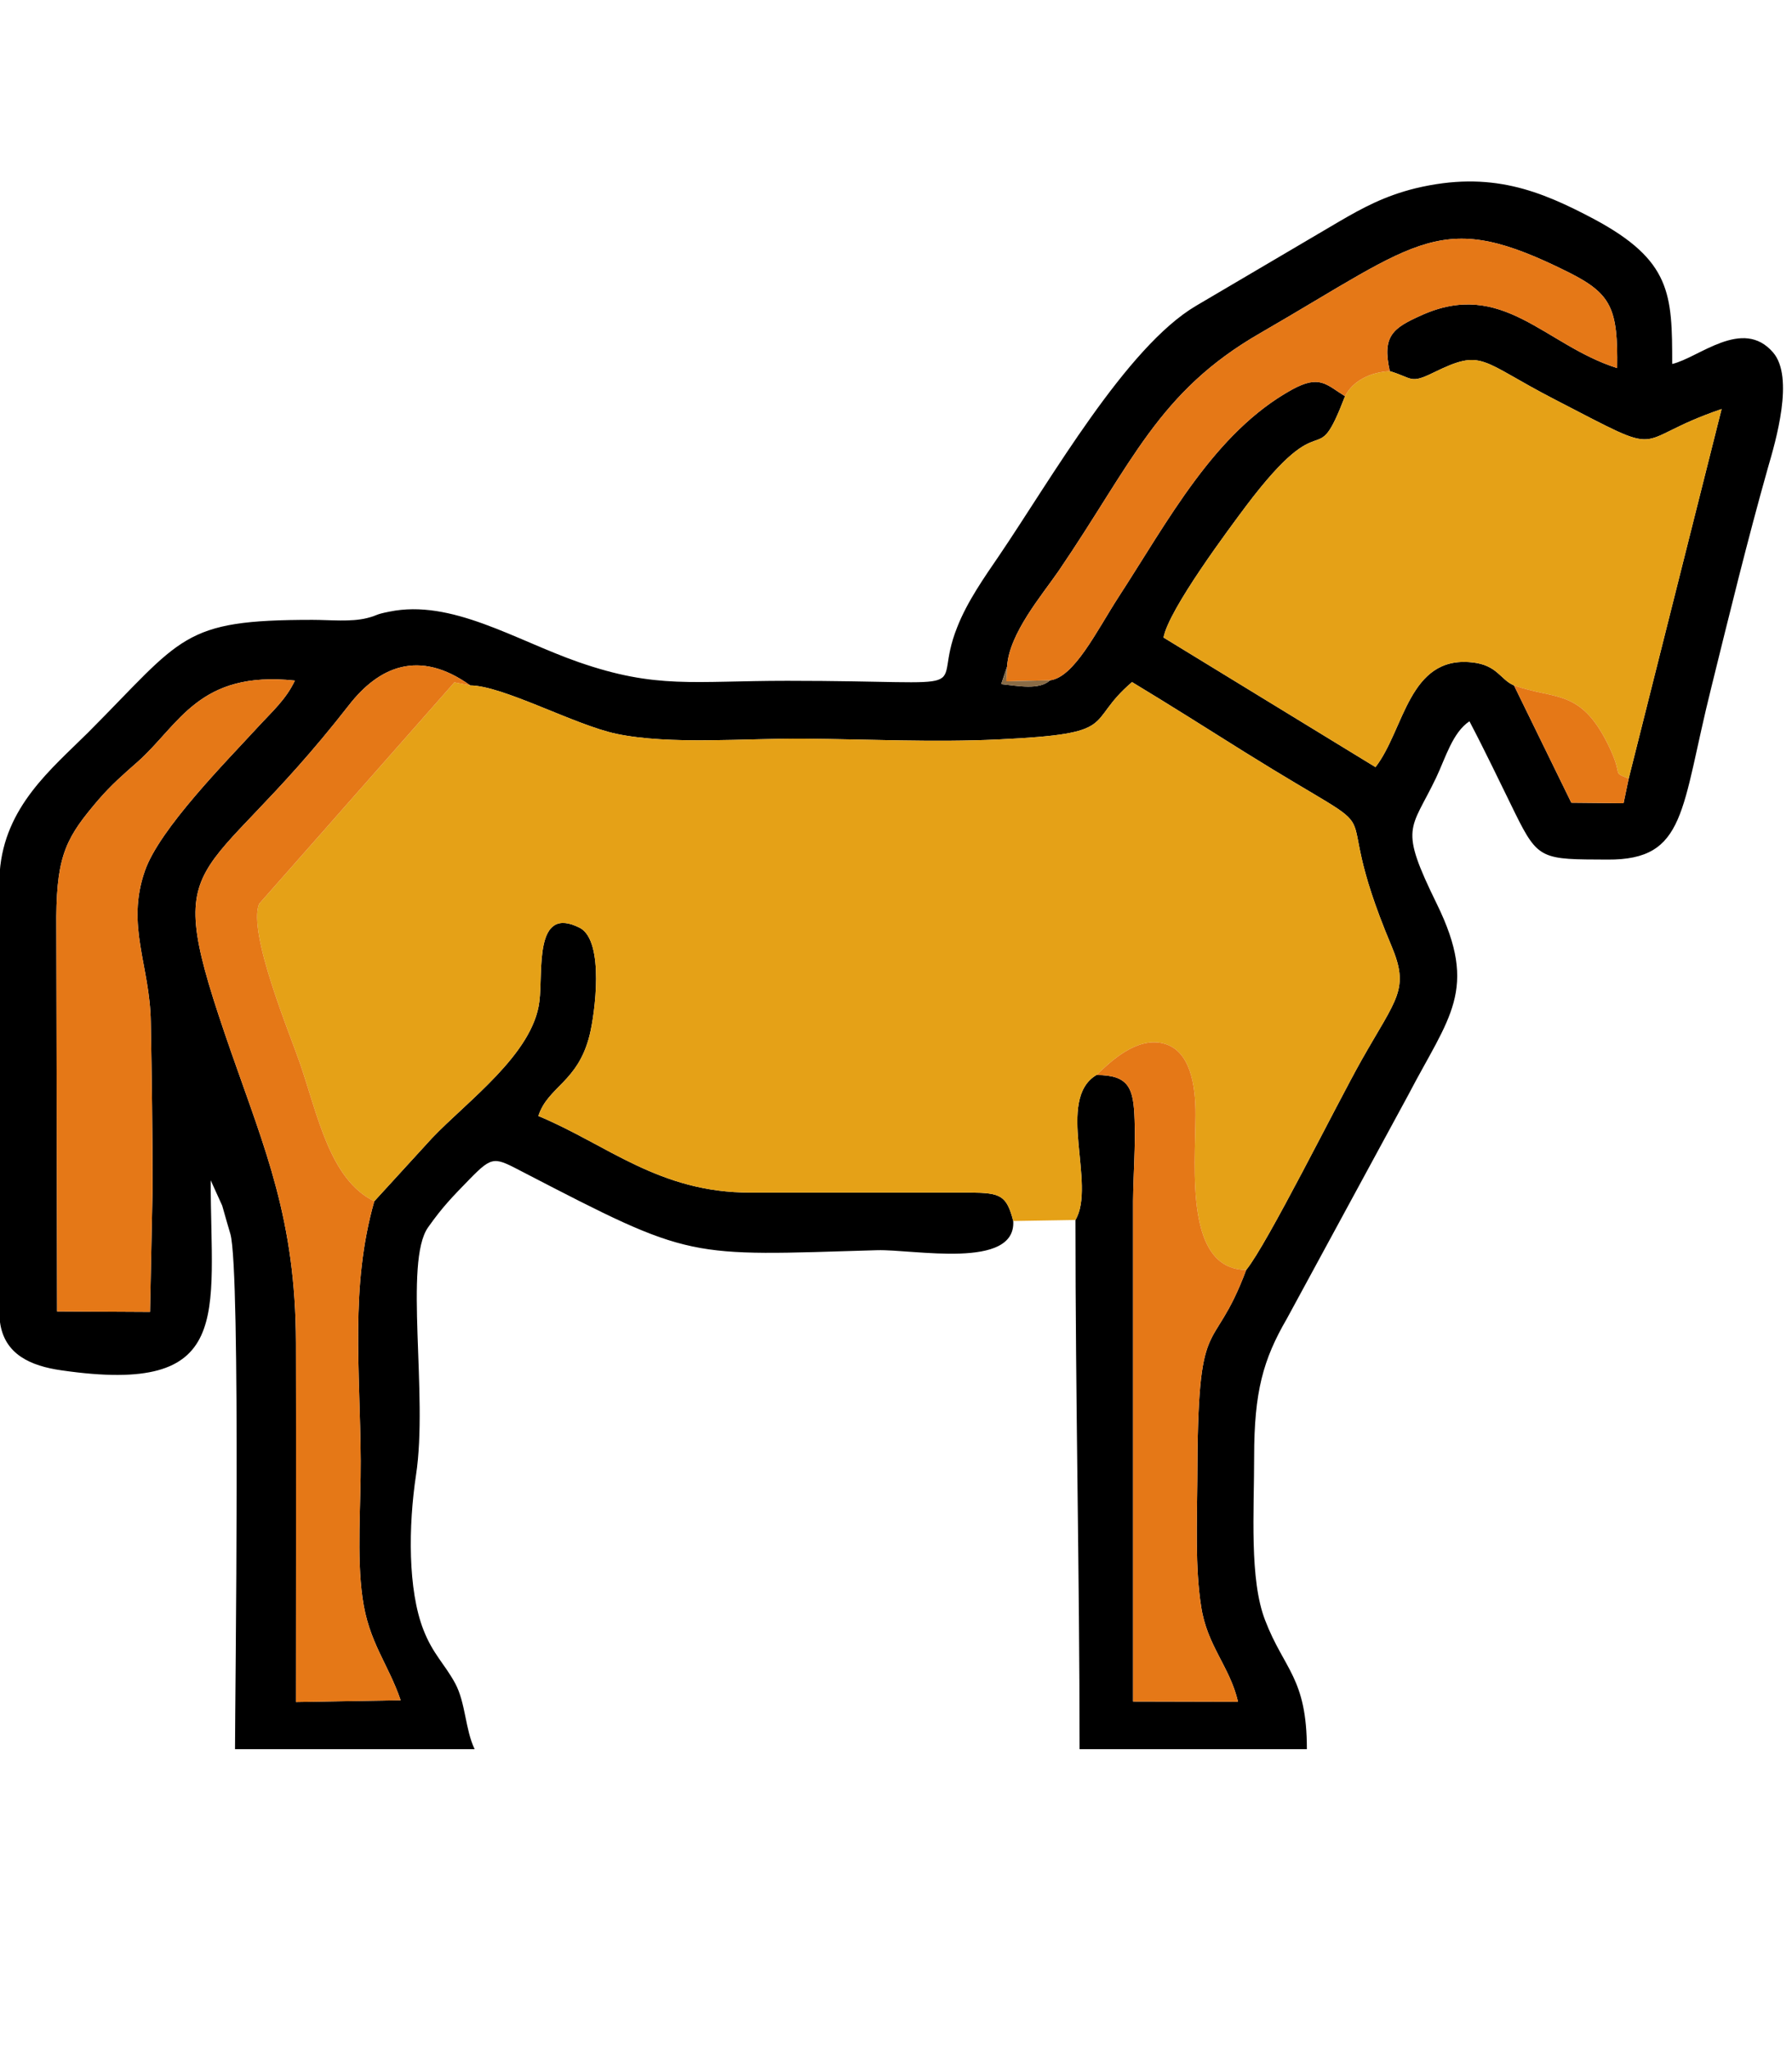 <?xml version="1.0" encoding="UTF-8"?>
<!DOCTYPE svg PUBLIC "-//W3C//DTD SVG 1.1//EN" "http://www.w3.org/Graphics/SVG/1.1/DTD/svg11.dtd">
<!-- Creator: CorelDRAW Home & Student 2018 -->
<svg xmlns="http://www.w3.org/2000/svg" xml:space="preserve" width="70px" height="80px" version="1.1" style="shape-rendering:geometricPrecision; text-rendering:geometricPrecision; image-rendering:optimizeQuality; fill-rule:evenodd; clip-rule:evenodd"
viewBox="0 0 70 80"
 xmlns:xlink="http://www.w3.org/1999/xlink">
 <defs>
  <style type="text/css">
   <![CDATA[
    .fil0 {fill:black}
    .fil3 {fill:#896B46}
    .fil2 {fill:#E57817}
    .fil1 {fill:#E5A117}
   ]]>
  </style>
 </defs>
 <g id="Layer_x0020_1">
  <g id="_1139214344">
   <path class="fil0" d="M5.96 46.4l-0.1 4.82 -3.63 -0.02 -0.03 -15.42c0.02,-2.45 0.43,-3.13 1.64,-4.55 0.53,-0.61 0.94,-0.96 1.54,-1.49 1.63,-1.45 2.38,-3.57 6.14,-3.17 -0.35,0.74 -0.88,1.2 -1.46,1.83 -1.23,1.34 -3.83,3.96 -4.4,5.6 -0.75,2.14 0.2,3.7 0.23,5.9 0.04,2.16 0.07,4.34 0.07,6.5zm48.33 -31.91c0.9,0.27 0.78,0.51 1.7,0.06 1.96,-0.96 1.78,-0.48 4.77,1.06 4.57,2.36 2.79,1.62 6.49,0.36l-3.63 14.43 -0.2 0.96 -2.04 -0.02 -2.24 -4.58c-0.53,-0.22 -0.65,-0.8 -1.64,-0.9 -2.48,-0.27 -2.64,2.64 -3.77,4.09l-8.28 -5.06c0.21,-1.11 2.57,-4.26 3.22,-5.13 3.19,-4.23 2.65,-1.13 3.87,-4.29 -0.74,-0.46 -0.99,-0.85 -2.07,-0.26 -3.04,1.68 -4.83,5.11 -6.79,8.12 -0.85,1.32 -1.72,3.11 -2.66,3.23 -0.43,0.39 -1.24,0.22 -1.91,0.15l0.23 -0.69c0.08,-1.29 1.36,-2.78 2.02,-3.74 2.88,-4.23 3.88,-6.98 7.86,-9.27 6.34,-3.66 7.05,-4.88 12.07,-2.37 1.67,0.84 1.91,1.42 1.88,3.73 -2.83,-0.89 -4.47,-3.51 -7.67,-2.05 -1.06,0.48 -1.53,0.78 -1.21,2.17zm-14.71 33.18c-0.26,-1 -0.49,-1.1 -1.68,-1.11l-8.58 0c-3.57,0.01 -5.6,-1.87 -8.29,-2.99 0.37,-1.15 1.54,-1.31 2,-3.15 0.21,-0.84 0.59,-3.66 -0.37,-4.19 -1.82,-0.93 -1.44,1.7 -1.59,2.87 -0.25,2.05 -2.82,3.89 -4.19,5.33l-2.26 2.47c-0.95,3.34 -0.55,6.55 -0.53,10.13 0.01,1.68 -0.16,3.72 0.07,5.35 0.24,1.74 1,2.56 1.49,4l-4.09 0.07c0,-4.68 0.01,-9.35 0,-14.02 -0.01,-4.81 -1.2,-7.54 -2.55,-11.41 -2.85,-8.21 -1.25,-5.96 4.62,-13.49 1.16,-1.49 2.73,-2.21 4.74,-0.77 1.28,0.01 4.09,1.55 5.71,1.89 2.1,0.44 5.06,0.17 7.31,0.19 2.54,0.02 5.06,0.15 7.6,0.03 4.86,-0.23 3.33,-0.62 5.23,-2.24 1.49,0.9 2.88,1.78 4.38,2.72 6.51,4.06 2.97,0.97 5.75,7.57 0.72,1.71 0.22,2.02 -1.17,4.48 -0.98,1.74 -3.67,7.16 -4.5,8.18 -1.34,3.58 -1.9,1.35 -1.91,8.24 -0.01,1.56 -0.09,3.39 0.15,4.9 0.23,1.54 1.12,2.34 1.44,3.72l-4.1 -0.01 0 -19.55c0.01,-1.04 0.1,-2.14 0.06,-3.16 -0.04,-1.23 -0.21,-1.75 -1.49,-1.75 -1.6,0.95 0,4.27 -0.82,5.66 0,7.06 0.16,13.72 0.16,20.66l8.88 0c0,-2.79 -0.89,-3.1 -1.63,-5.03 -0.62,-1.59 -0.43,-4.23 -0.43,-6.39 0,-2.53 0.35,-3.79 1.28,-5.39l4.74 -8.73c1.59,-3.05 2.76,-4.1 1.12,-7.45 -1.5,-3.06 -1.03,-2.85 -0.03,-4.94 0.37,-0.78 0.64,-1.76 1.3,-2.2 0.62,1.18 1.18,2.36 1.79,3.6 0.9,1.82 1.05,1.79 3.6,1.8 3.1,0.02 2.86,-1.94 4.06,-6.73 0.73,-2.95 1.4,-5.7 2.21,-8.57 0.3,-1.03 1.04,-3.53 0.2,-4.5 -1.19,-1.38 -2.9,0.21 -3.94,0.45 0,-2.72 -0.03,-4.04 -3.06,-5.66 -2.1,-1.11 -4.03,-1.9 -6.96,-1.2 -1.22,0.3 -2.08,0.77 -2.99,1.3l-5.59 3.29c-2.73,1.61 -5.66,6.76 -7.69,9.75 -0.58,0.85 -1.25,1.8 -1.64,2.8 -1.08,2.69 1.3,2.09 -6.64,2.09 -3.69,0 -5.1,0.33 -8.15,-0.73 -2.47,-0.86 -4.97,-2.47 -7.39,-1.97 -0.61,0.12 -0.4,0.13 -0.87,0.25 -0.64,0.16 -1.45,0.07 -2.14,0.07 -5.12,0 -5.04,0.67 -8.76,4.4 -1.43,1.42 -3.26,2.89 -3.45,5.44l0.01 17.58c0.17,1.26 1.2,1.71 2.4,1.88 6.78,0.98 5.83,-2.13 5.83,-7.42l0.45 0.99c0.13,0.46 0.21,0.74 0.32,1.11 0.41,1.45 0.18,18.17 0.18,20.11l9.36 0c-0.37,-0.77 -0.35,-1.81 -0.76,-2.57 -0.42,-0.77 -0.87,-1.14 -1.24,-2.09 -0.61,-1.56 -0.59,-4.05 -0.29,-6.04 0.48,-3.13 -0.48,-8.32 0.47,-9.67 0.58,-0.82 0.95,-1.19 1.62,-1.88 0.92,-0.94 0.97,-0.86 2.11,-0.27 6.64,3.44 6.34,3.26 13.81,3.04 1.44,-0.04 5.43,0.77 5.32,-1.14z"/>
   <path class="fil1" d="M18.37 26.76l-0.62 -0.12 -7.63 8.65c-0.45,1.12 1.22,5.12 1.59,6.2 0.71,2.06 1.17,4.56 2.91,5.41l2.26 -2.47c1.37,-1.44 3.94,-3.28 4.19,-5.33 0.15,-1.17 -0.23,-3.8 1.59,-2.87 0.96,0.53 0.58,3.35 0.37,4.19 -0.46,1.84 -1.63,2 -2,3.15 2.69,1.12 4.72,3 8.29,2.99l8.58 0c1.19,0.01 1.42,0.11 1.68,1.11l2.43 -0.04c0.82,-1.39 -0.78,-4.71 0.82,-5.66 0.55,-0.52 1.56,-1.5 2.62,-1.23 1.03,0.26 1.26,1.59 1.25,2.81 -0.01,2.09 -0.42,6.01 1.98,6.03 0.83,-1.02 3.52,-6.44 4.5,-8.18 1.39,-2.46 1.89,-2.77 1.17,-4.48 -2.78,-6.6 0.76,-3.51 -5.75,-7.57 -1.5,-0.94 -2.89,-1.82 -4.38,-2.72 -1.9,1.62 -0.37,2.01 -5.23,2.24 -2.54,0.12 -5.06,-0.01 -7.6,-0.03 -2.25,-0.02 -5.21,0.25 -7.31,-0.19 -1.62,-0.34 -4.43,-1.88 -5.71,-1.89z"/>
   <path class="fil1" d="M54.29 14.49c-0.79,0.04 -1.46,0.4 -1.75,0.98 -1.22,3.16 -0.68,0.06 -3.87,4.29 -0.65,0.87 -3.01,4.02 -3.22,5.13l8.28 5.06c1.13,-1.45 1.29,-4.36 3.77,-4.09 0.99,0.1 1.11,0.68 1.64,0.9 1.61,0.57 2.6,0.12 3.68,2.32 0.64,1.3 0.09,1.02 0.8,1.32l3.63 -14.43c-3.7,1.26 -1.92,2 -6.49,-0.36 -2.99,-1.54 -2.81,-2.02 -4.77,-1.06 -0.92,0.45 -0.8,0.21 -1.7,-0.06z"/>
   <path class="fil2" d="M14.62 46.9c-1.74,-0.85 -2.2,-3.35 -2.91,-5.41 -0.37,-1.08 -2.04,-5.08 -1.59,-6.2l7.63 -8.65 0.62 0.12c-2.01,-1.44 -3.58,-0.72 -4.74,0.77 -5.87,7.53 -7.47,5.28 -4.62,13.49 1.35,3.87 2.54,6.6 2.55,11.41 0.01,4.67 0,9.34 0,14.02l4.09 -0.07c-0.49,-1.44 -1.25,-2.26 -1.49,-4 -0.23,-1.63 -0.06,-3.67 -0.07,-5.35 -0.02,-3.58 -0.42,-6.79 0.53,-10.13z"/>
   <path class="fil2" d="M5.96 46.4c0,-2.16 -0.03,-4.34 -0.07,-6.5 -0.03,-2.2 -0.98,-3.76 -0.23,-5.9 0.57,-1.64 3.17,-4.26 4.4,-5.6 0.58,-0.63 1.11,-1.09 1.46,-1.83 -3.76,-0.4 -4.51,1.72 -6.14,3.17 -0.6,0.53 -1.01,0.88 -1.54,1.49 -1.21,1.42 -1.62,2.1 -1.64,4.55l0.03 15.42 3.63 0.02 0.1 -4.82z"/>
   <path class="fil2" d="M39.34 26.02l-0.03 0.58 1.71 -0.04c0.94,-0.12 1.81,-1.91 2.66,-3.23 1.96,-3.01 3.75,-6.44 6.79,-8.12 1.08,-0.59 1.33,-0.2 2.07,0.26 0.29,-0.58 0.96,-0.94 1.75,-0.98 -0.32,-1.39 0.15,-1.69 1.21,-2.17 3.2,-1.46 4.84,1.16 7.67,2.05 0.03,-2.31 -0.21,-2.89 -1.88,-3.73 -5.02,-2.51 -5.73,-1.29 -12.07,2.37 -3.98,2.29 -4.98,5.04 -7.86,9.27 -0.66,0.96 -1.94,2.45 -2.02,3.74z"/>
   <path class="fil2" d="M42.83 41.97c1.28,0 1.45,0.52 1.49,1.75 0.04,1.02 -0.05,2.12 -0.06,3.16l0 19.55 4.1 0.01c-0.32,-1.38 -1.21,-2.18 -1.44,-3.72 -0.24,-1.51 -0.16,-3.34 -0.15,-4.9 0.01,-6.89 0.57,-4.66 1.91,-8.24 -2.4,-0.02 -1.99,-3.94 -1.98,-6.03 0.01,-1.22 -0.22,-2.55 -1.25,-2.81 -1.06,-0.27 -2.07,0.71 -2.62,1.23z"/>
   <path class="fil2" d="M63.62 30.4c-0.71,-0.3 -0.16,-0.02 -0.8,-1.32 -1.08,-2.2 -2.07,-1.75 -3.68,-2.32l2.24 4.58 2.04 0.02 0.2 -0.96z"/>
   <path class="fil3" d="M41.02 26.56l-1.71 0.04 0.03 -0.58 -0.23 0.69c0.67,0.07 1.48,0.24 1.91,-0.15z"/>
  </g>
 </g>
</svg>
------------------------------------
[Required action] Go from the first line of the data above to the line containing "<!-- Creator: CorelDRAW" and retype exactly those lines, both included, but none of the pictures.

[Response to this task]
 <?xml version="1.0" encoding="UTF-8"?>
<!DOCTYPE svg PUBLIC "-//W3C//DTD SVG 1.1//EN" "http://www.w3.org/Graphics/SVG/1.1/DTD/svg11.dtd">
<!-- Creator: CorelDRAW Home & Student 2018 -->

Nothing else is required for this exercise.